Records provided:
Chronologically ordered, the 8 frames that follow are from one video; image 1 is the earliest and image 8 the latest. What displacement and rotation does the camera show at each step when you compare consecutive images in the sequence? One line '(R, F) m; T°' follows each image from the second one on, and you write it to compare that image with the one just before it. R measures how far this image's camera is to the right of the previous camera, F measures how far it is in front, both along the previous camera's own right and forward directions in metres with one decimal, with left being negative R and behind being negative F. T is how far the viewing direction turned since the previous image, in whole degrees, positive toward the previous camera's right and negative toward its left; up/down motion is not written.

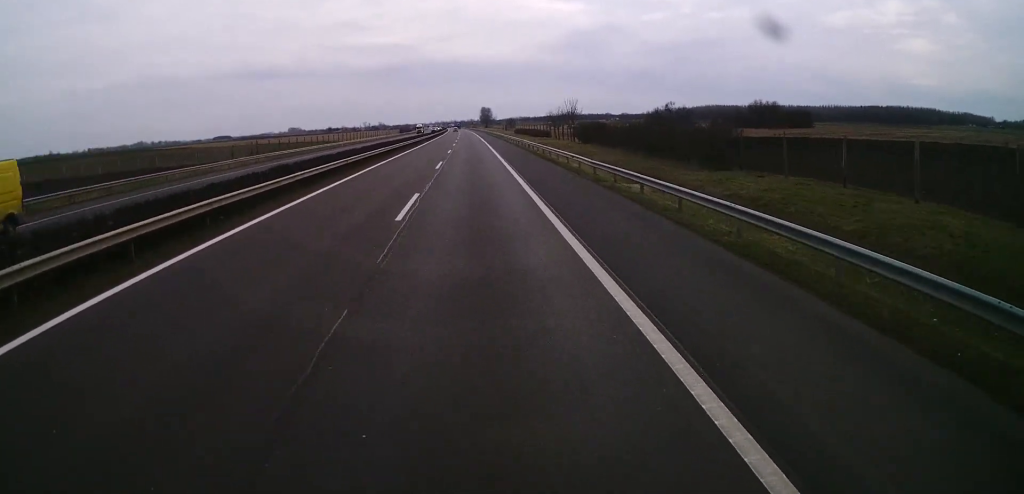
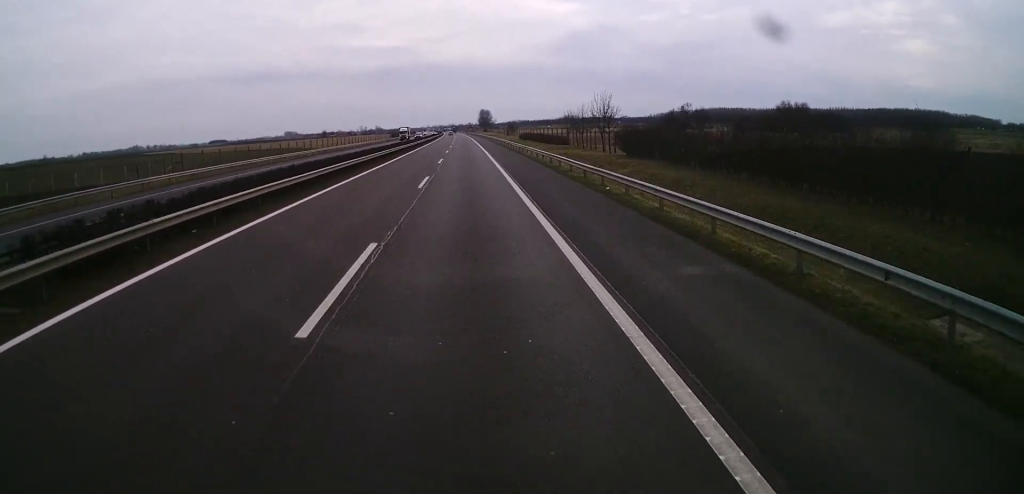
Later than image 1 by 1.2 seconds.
(+0.2, +24.4) m; +1°
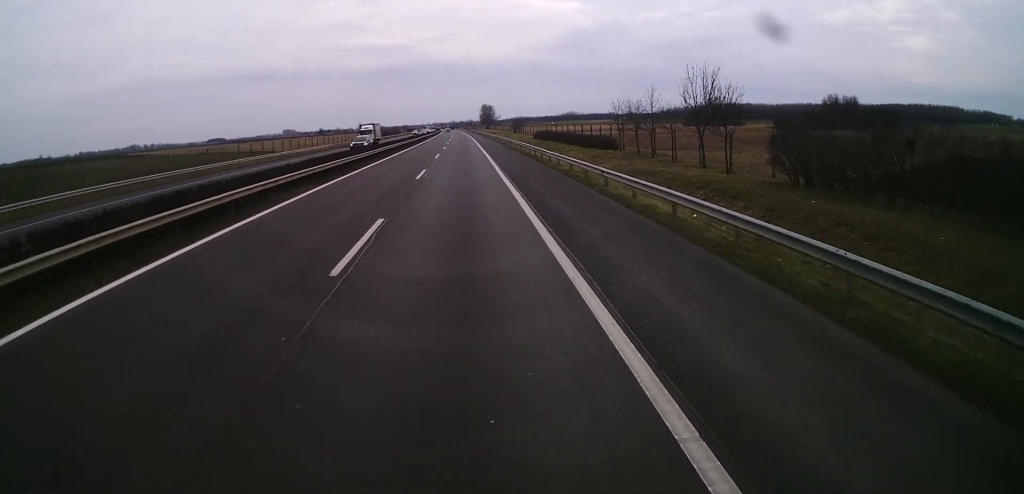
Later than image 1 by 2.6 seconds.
(0.0, +32.5) m; 0°
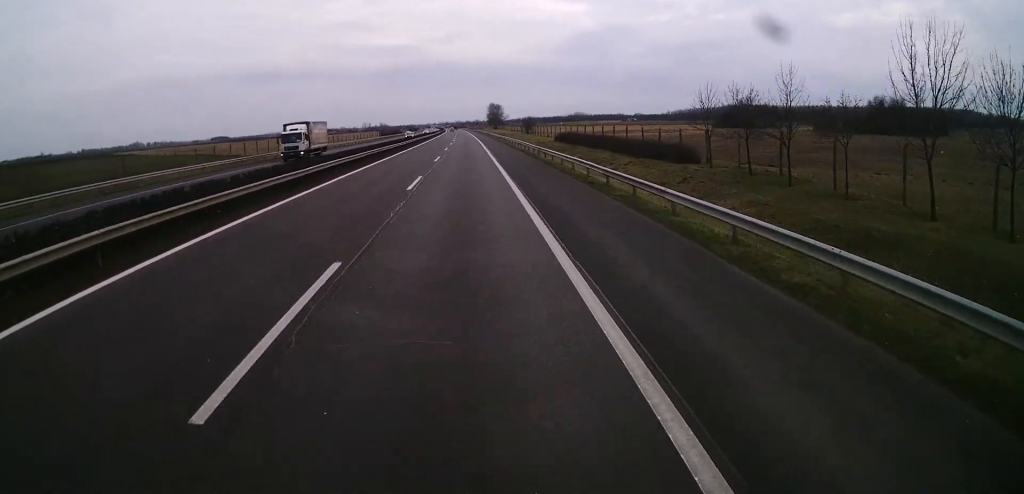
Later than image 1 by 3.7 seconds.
(0.0, +23.5) m; 0°
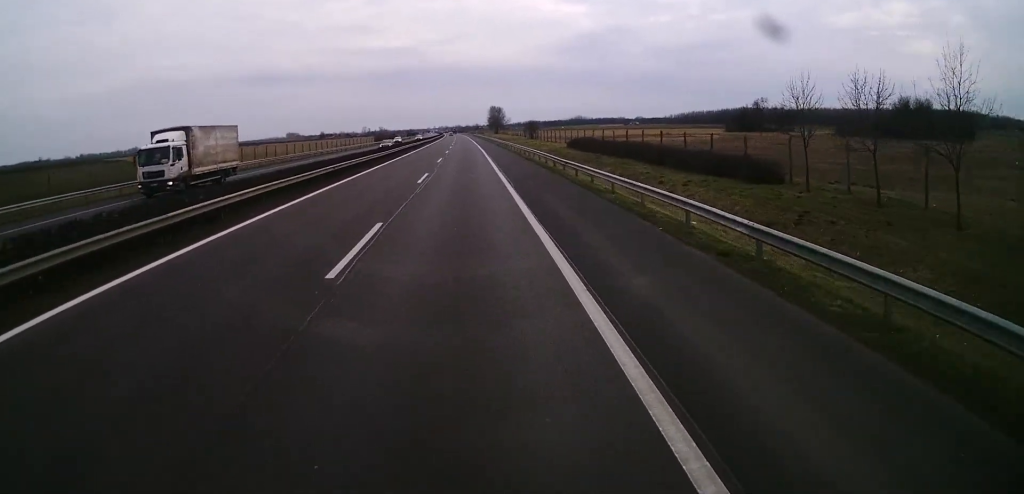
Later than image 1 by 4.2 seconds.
(0.0, +13.0) m; 0°
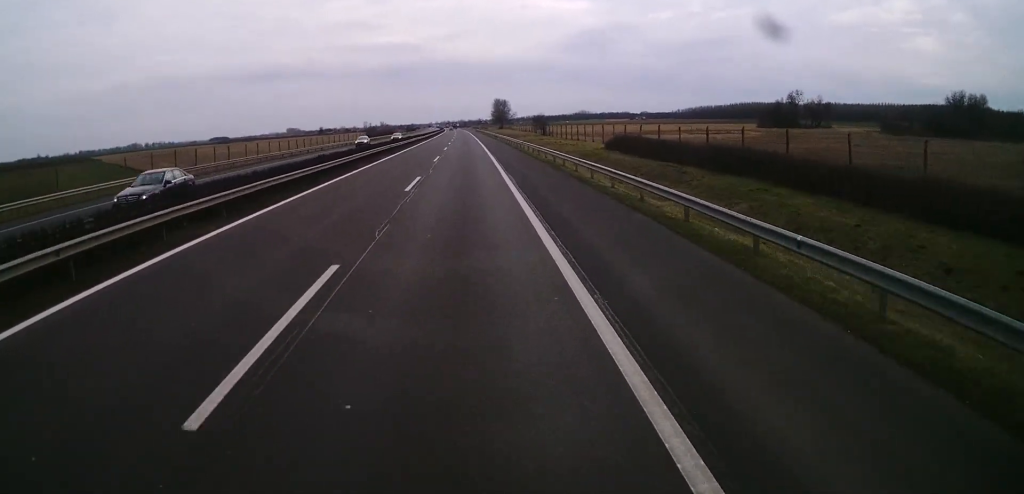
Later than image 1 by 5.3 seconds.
(+0.1, +24.2) m; 0°
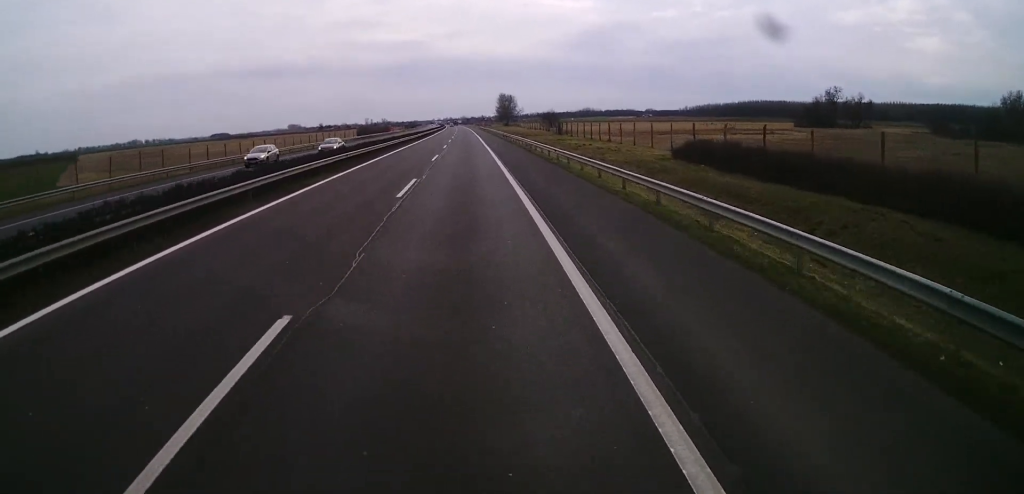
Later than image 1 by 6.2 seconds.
(-0.1, +22.3) m; -1°
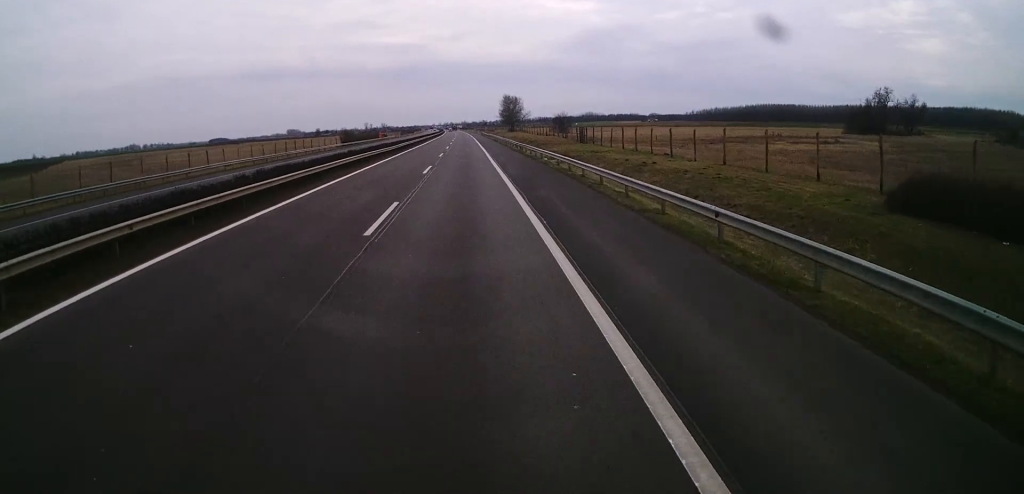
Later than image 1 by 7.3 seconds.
(-0.3, +26.2) m; 0°

Problem to work on: Write out the data exactly, and exclude every picture it holds.

Output:
Chronologically ordered, the 8 frames that follow are from one video; image 1 is the earliest and image 8 the latest. What displacement and rotation does the camera show at each step when you compare consecutive images in the sequence? One line '(R, F) m; T°' follows each image from the second one on, and you write it to compare that image with the one just before it. R measures how far this image's camera is to the right of the previous camera, F measures how far it is in front, both along the previous camera's own right and forward directions in metres with one decimal, with left being negative R and behind being negative F. T is how far the viewing direction turned since the previous image, in whole degrees, positive toward the previous camera's right and negative toward its left; up/down motion is not written.

Later than image 1 by 1.2 seconds.
(+0.2, +24.4) m; +1°
Later than image 1 by 2.6 seconds.
(0.0, +32.5) m; 0°
Later than image 1 by 3.7 seconds.
(0.0, +23.5) m; 0°
Later than image 1 by 4.2 seconds.
(0.0, +13.0) m; 0°
Later than image 1 by 5.3 seconds.
(+0.1, +24.2) m; 0°
Later than image 1 by 6.2 seconds.
(-0.1, +22.3) m; -1°
Later than image 1 by 7.3 seconds.
(-0.3, +26.2) m; 0°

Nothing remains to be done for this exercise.